Wow! What a cute mouse!


----------



## jujubee18 (May 21, 2010)

XD thank you I just found out that mouse is named Socrates and his girlfriends name is Mojo. So i won't get the little Socrates back but i will be able to show Mojo and her pinkies. :]


----------



## moustress (Sep 25, 2009)

That's pretty amazing *chomp* *need more water with this stuff**yum**loaded with fiber-good for me*...

You still have this mouse?

It probably won't breed true; I had a champagne mousie about five years ago that had an orange spot on it's flank. these things just happen; it's known as a 'sport" or a random occurence....there have been genuine calico type tris, but even those are hit and miss with the right mix of genes. http://www.hiiret.fi/eng/breeding/varie ... color.html There's the link to the full scoop.


----------



## jujubee18 (May 21, 2010)

HAHA you didn't actually have to eat it. No i don't have him anymore i gave him to my cousin, and since it is such a random occurrence, i doubt ill ever get another :] But glad she has him now. 
Wow thats a true calico O.O I only know about calico cats, and did you know that calico are only female? I wonder why and if that would also happen with mice if it was a sure breed.


----------



## Jack Garcia (Oct 9, 2009)

Cats have a different mechanism that produces calico than do mice. Theirs is sex-linked. Mice have dozens of ways to get three-colored animals, only one of which is sex-linked and it's not the same as with cats.


----------



## jujubee18 (May 21, 2010)

Thats really interesting! You said that one of them is sex linked? What is it?


----------



## Jack Garcia (Oct 9, 2009)

Sex-linked brindle. It's also called "xbrindle" and (confusingly), simply "brindle." When compared with white spotting of any sort, it can make mice with three distinct colors. Only females survive and reproduce.


----------



## jujubee18 (May 21, 2010)

Wow thats really interesting. But i'm a little confused on what coloring you would get. Do you have a picture?


----------



## MyBoyKurtis (May 17, 2010)

Jack Garcia said:


> Cats have a different mechanism that produces calico than do mice. Theirs is sex-linked. Mice have dozens of ways to get three-colored animals, only one of which is sex-linked and it's not the same as with cats.
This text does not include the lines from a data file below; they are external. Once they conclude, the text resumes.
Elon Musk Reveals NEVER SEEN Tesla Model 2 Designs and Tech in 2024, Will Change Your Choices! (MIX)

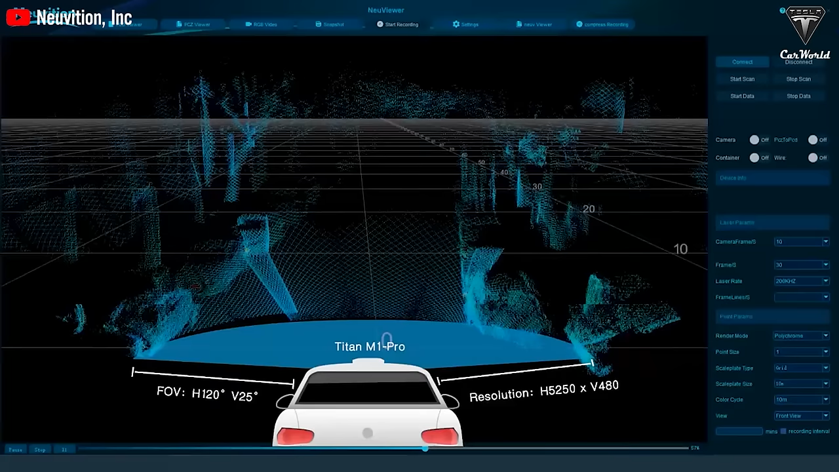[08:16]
The sensor system includes radar, LiDAR, and a 360-degree camera to aid the driver in parking and safe maneuvering.
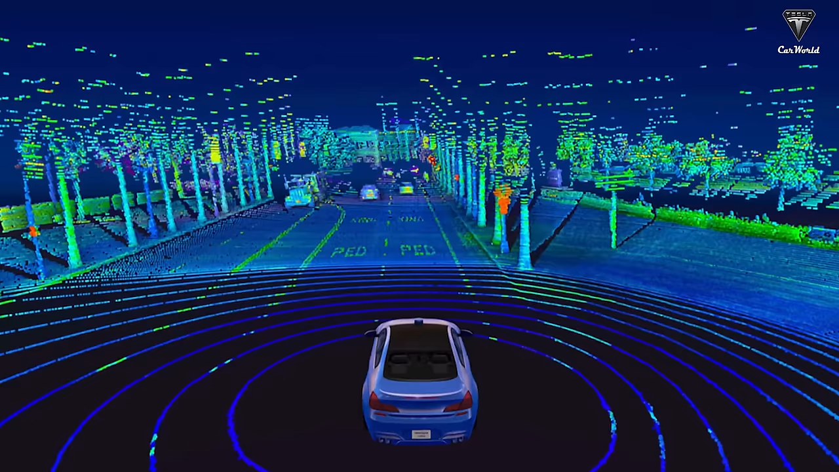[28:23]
Apple's car will utilize LiDAR sensors, radar sensors, and cameras to enhance driver assistance features.
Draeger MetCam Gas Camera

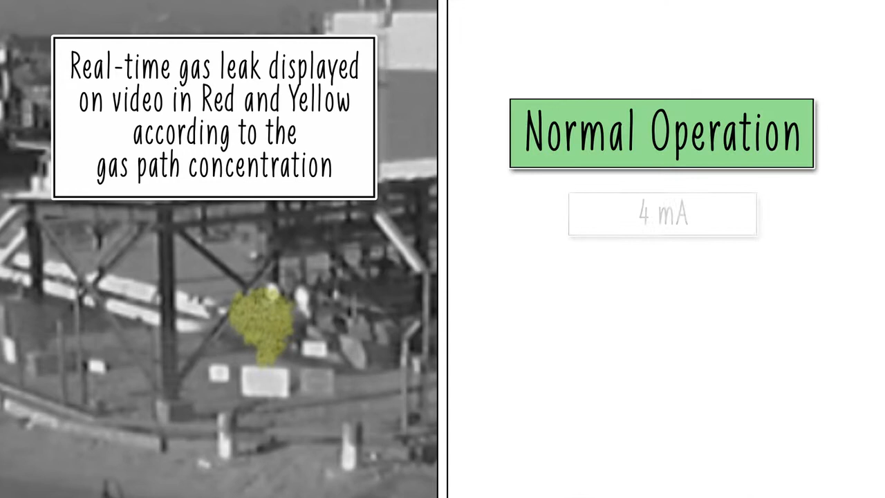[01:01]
Once an alarm is triggered, it will localize the leak on the video stream and change the onboard 420mA level. METCAM functions like standard fixed gas detectors, producing local alarms based on set thresholds.
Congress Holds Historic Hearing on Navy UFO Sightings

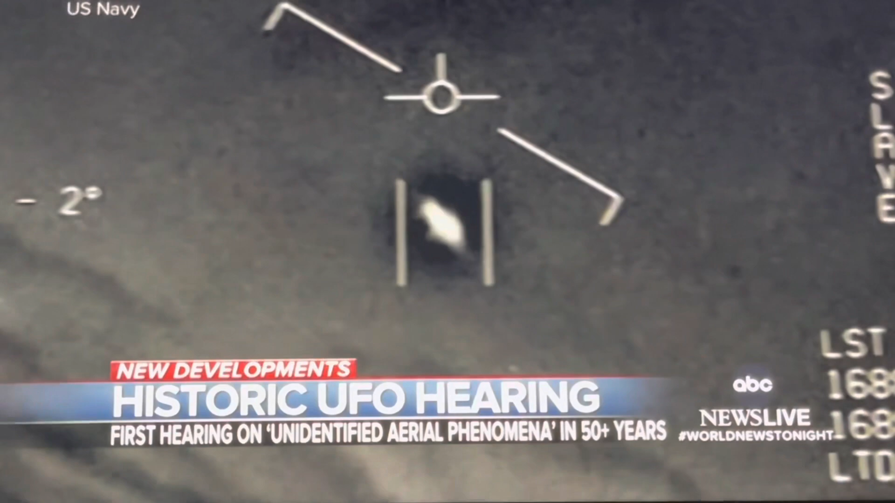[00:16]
UFOs, in other words. My God.
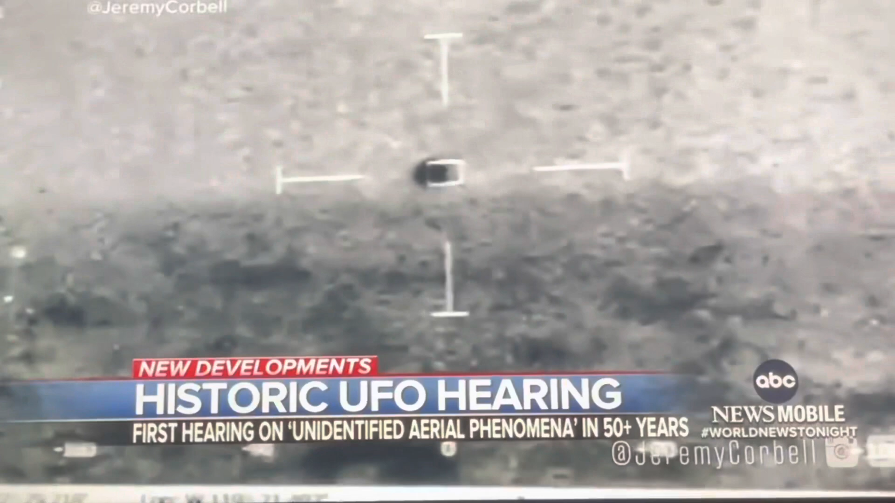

But even with cats it doesnt always stay sex-linked. I have seen a few male calicos in my lifetime. One of which was on my aunts farm- he died when he was 3 months old tho  poor little thing


----------



## Jack Garcia (Oct 9, 2009)

Yeah, in sex-linked varieties, one gender usually doesn't make it very often, if at all.

Interestingly, there are sex-linked variants in humans, too, like many forms of colorblindness, which occur almost exclusively in men.


----------



## MyBoyKurtis (May 17, 2010)

yes, I remember that from biology ^_^ women carry a LOT more traits, right? So its much less common for us to get it than you guys :3


----------



## Jack Garcia (Oct 9, 2009)

Women have two X chromosomes, so if something is wrong on one of them, the other can "make up" for the lack. But men only have one X chromosome and one Y chromosome so if something is wrong with either one, we're out of luck!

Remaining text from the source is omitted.